CULTURE Tajikistan students in China warm to people-to-people engagement


Tajikistan students in China warm to people-to-people engagement


07:29, June 07, 2018


Nazar being interviewed by CGTN. (Photo: CGTN)

A key area of cooperation among members of the Shanghai Cooperation Organization involves people-to-people exchanges. 

At Shandong University’s Qingdao Campus, two students from Tajikistan have gained not only a better understanding about China but also deepened their friendship with the Chinese community.

For Nazar and Samandar, both from Tajikistan, they say when they first arrived on campus and told their Chinese classmates that they are from Tajikistan, "a lot of them had no idea where it is." In turn, the pair did not know much about China beyond Jackie Chan and Jet Li.  

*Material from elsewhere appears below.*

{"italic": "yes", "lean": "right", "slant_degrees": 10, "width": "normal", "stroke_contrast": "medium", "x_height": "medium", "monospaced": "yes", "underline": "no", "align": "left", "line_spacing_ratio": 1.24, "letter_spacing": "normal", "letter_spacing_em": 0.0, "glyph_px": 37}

It was only until they started to learn Chinese at the Confucius Institute and became graduate students in China that they began to learn more about the rich history of the world's most populous country.

"We both applied for scholarships to study at a graduate school in China," Samandar said. "We ended up in a three-year program here on international relations. I gave myself a Chinese name called He Ping as it means peace in Chinese. I like it because it also fits with my personality."

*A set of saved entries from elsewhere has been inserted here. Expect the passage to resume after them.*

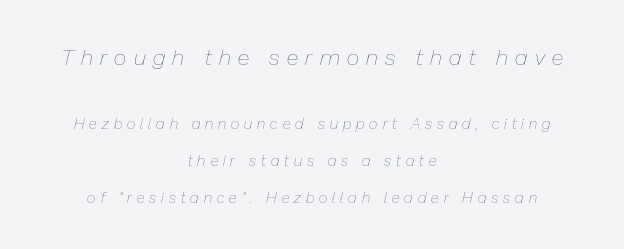
Q: Is the text bold? A: No.
Q: Is the text italic (slanted)? A: Yes, it leans right by about 13 degrees.
Q: Is the text underlined? A: No.
Q: How is the paragraph aligned? A: Centered.
Q: Is the spacing between letters normal or unusually wide? A: Unusually wide.
Q: Is the spacing between lines tight, normal or loose? A: Loose.
Q: Which block of text is set in a larger size, the first (top) or the second (bottom)? A: The first (top) one.

Nazar's Chinese name is Li Xianjun: "I really like the concept of junzi (君子)in traditional Chinese philosophy. Being a decent person precedes being a good father and a good citizen."

Both Nazar and Samandar have studied Chinese for years. Their fluency means that they mingle well with their Chinese classmates. One way they have also deepened friendships is through football.

One of their friend Liu Hao said they had been playing together for half a semester. 

"They are very good at football," Lui said, "and they are both very outgoing and modest people."

Another classmate Wang Xiangyu added, "They teach us about Tajikistan culture. For example, their biggest festival Navruz, their language and political system."

Asked about their future goals, both of them said they want to become diplomats and take advantage of the booming bilateral relations and applying what they've learned here to their home country. 

"Many Chinese companies have set up factories in my country. We also import a lot of goods from China like clothing. Tajikistan has rich natural resources like gold and minerals, yet we lack production capabilities and high technology. That, in my opinion, is something we need to learn from China," said Samandar.

Just like Nazar and Samandar have deepened their relations with other Chinese students in college, the two countries are also strengthening exchanges and cooperation with each other.  As Chinese President Xi Jinping says, countries of the Shanghai Cooperation Organization should continue to increase understanding between their peoples and foster enduring friendships.